__ACTIVITY__: Skip the images and print the listing exactly.

__THE DATA__:
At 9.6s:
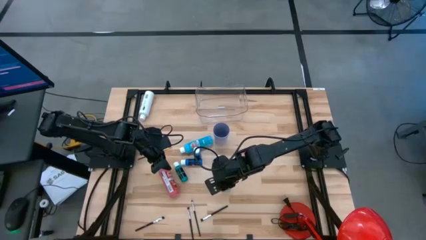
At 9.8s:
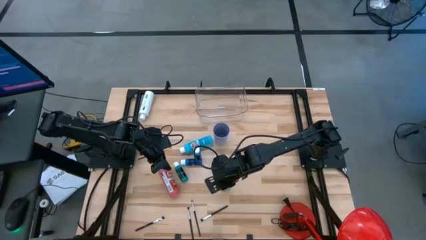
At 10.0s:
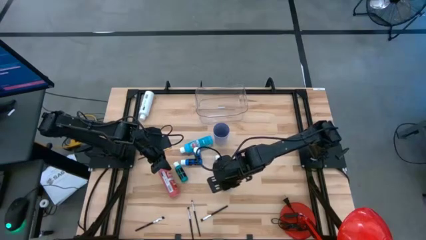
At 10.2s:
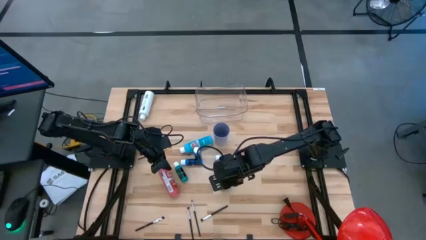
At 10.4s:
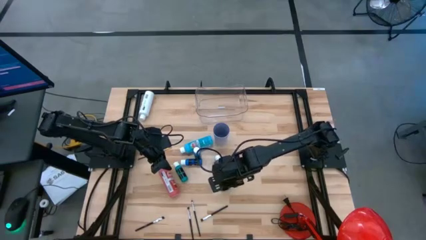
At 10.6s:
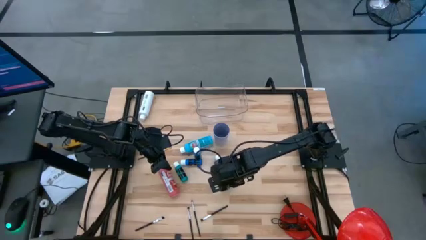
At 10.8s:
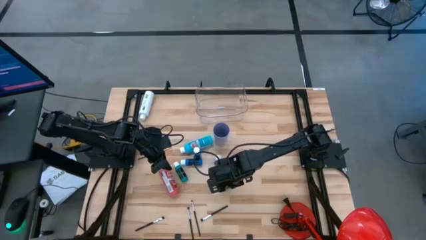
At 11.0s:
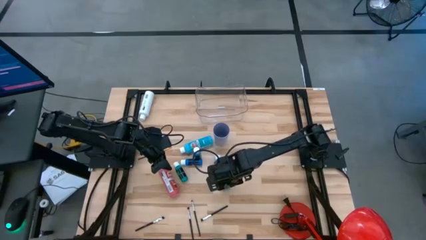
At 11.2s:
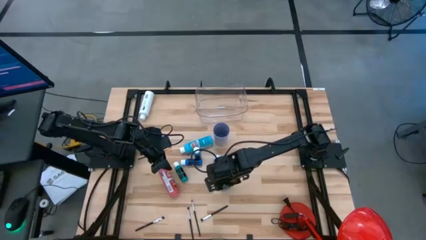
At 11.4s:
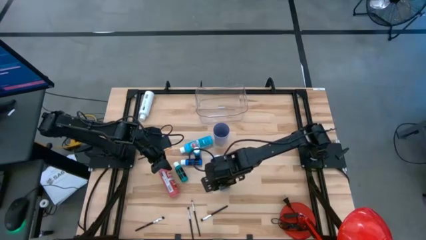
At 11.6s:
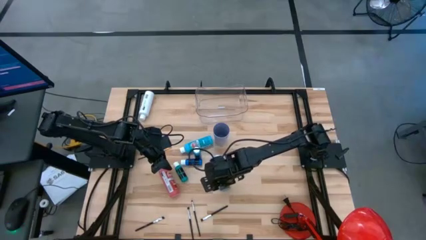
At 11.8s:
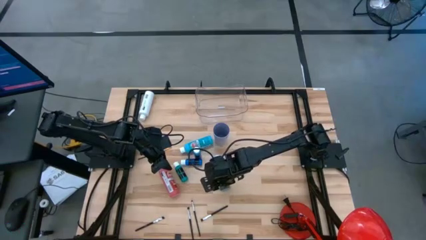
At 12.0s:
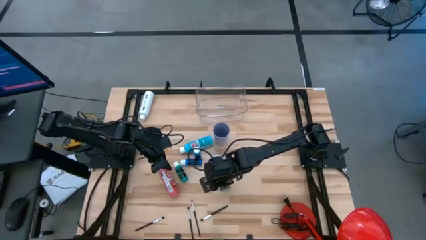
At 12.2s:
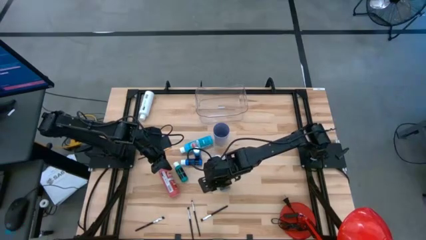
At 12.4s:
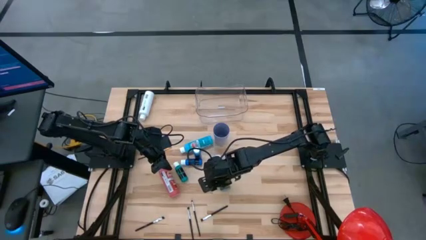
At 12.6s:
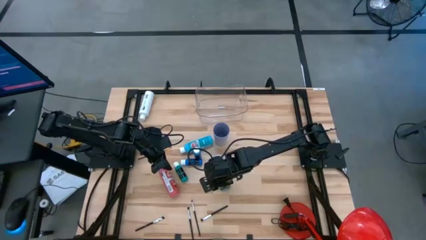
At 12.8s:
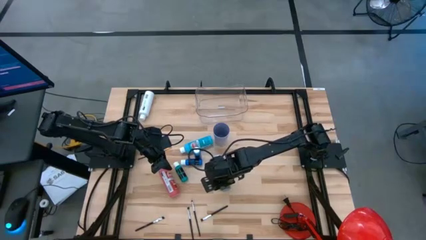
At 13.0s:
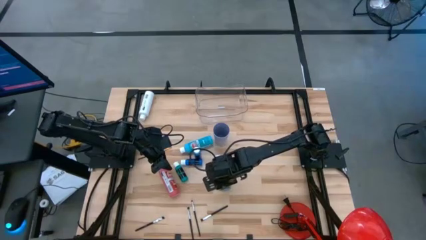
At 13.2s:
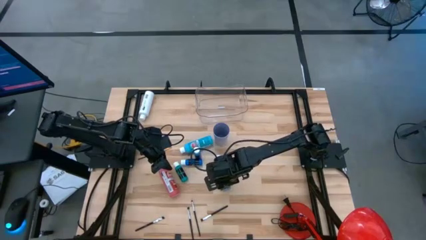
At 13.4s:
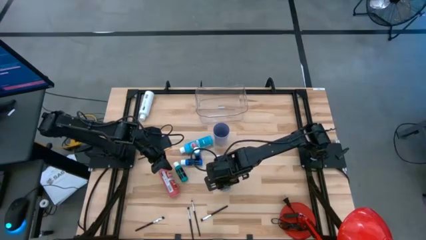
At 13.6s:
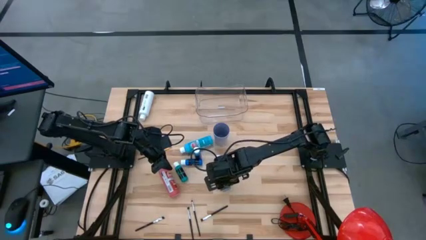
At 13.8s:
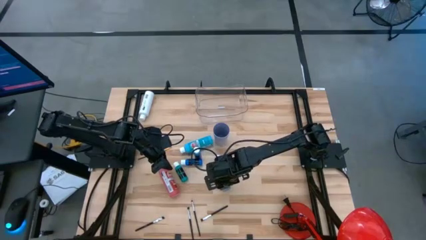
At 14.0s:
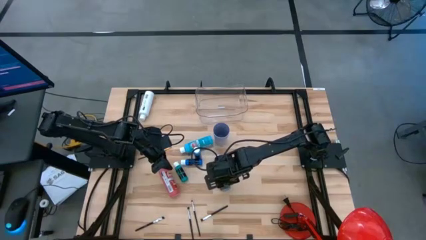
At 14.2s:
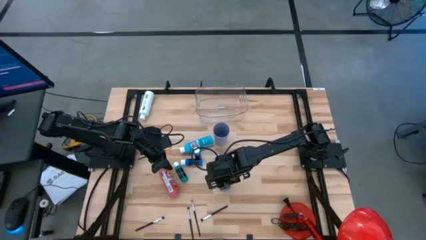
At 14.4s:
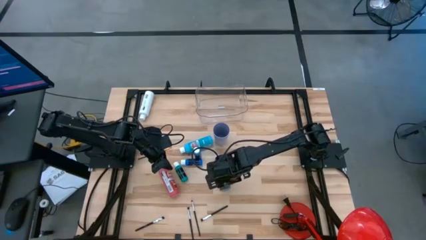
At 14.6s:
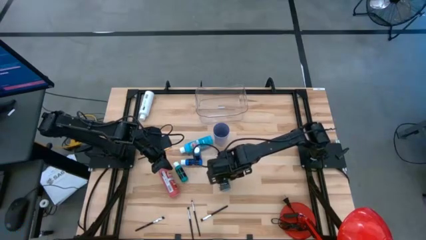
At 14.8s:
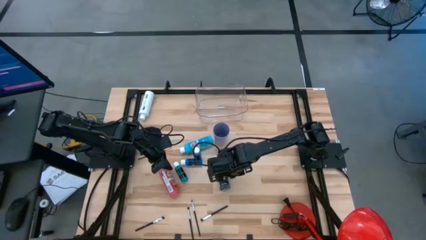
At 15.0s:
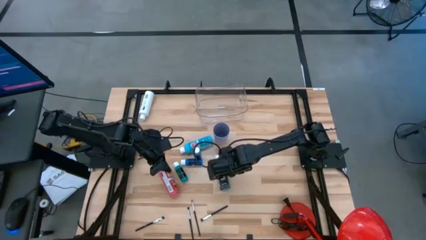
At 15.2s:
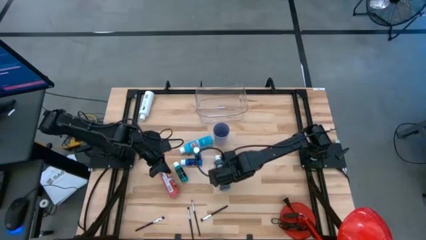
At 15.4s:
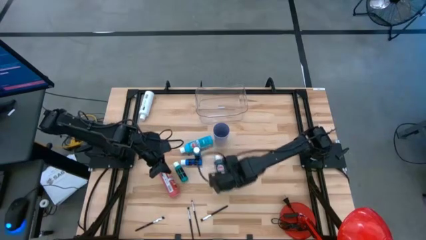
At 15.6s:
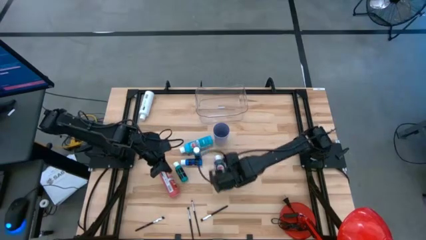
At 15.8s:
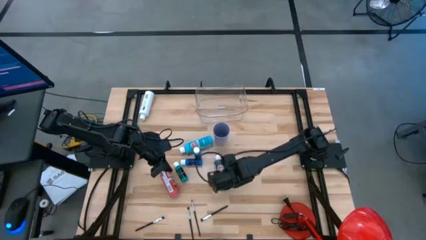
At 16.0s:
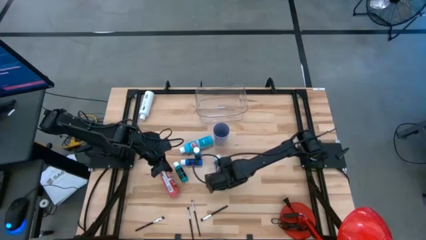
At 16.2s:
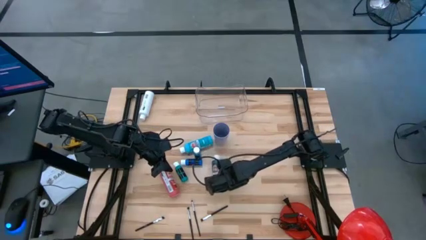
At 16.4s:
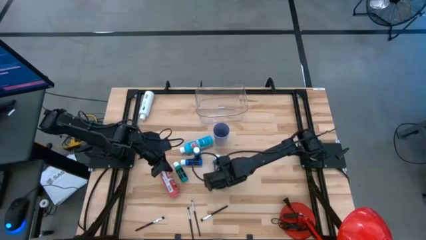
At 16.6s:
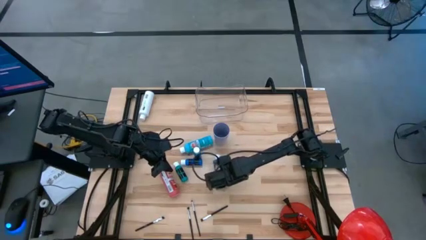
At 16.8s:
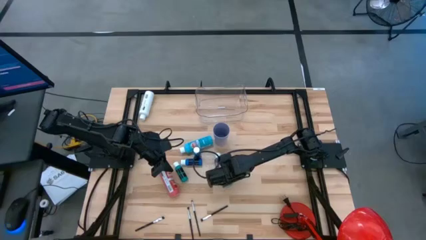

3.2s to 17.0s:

__RESULT__:
At 9.6s:
At 9.8s:
At 10.0s:
At 10.2s:
At 10.4s:
At 10.6s:
At 10.8s:
At 11.0s:
At 11.2s:
At 11.4s:
At 11.6s:
At 11.8s:
At 12.0s:
At 12.2s:
At 12.4s:
At 12.6s:
At 12.8s:
At 13.0s:
At 13.2s:
At 13.4s:
At 13.6s:
At 13.8s:
At 14.0s:
At 14.2s:
At 14.4s:
At 14.6s:
At 14.8s:
At 15.0s:
At 15.2s:
At 15.4s:
At 15.6s:
At 15.8s:
At 16.0s:
At 16.2s:
At 16.4s:
At 16.6s:
At 16.8s:

3.2s to 17.0s:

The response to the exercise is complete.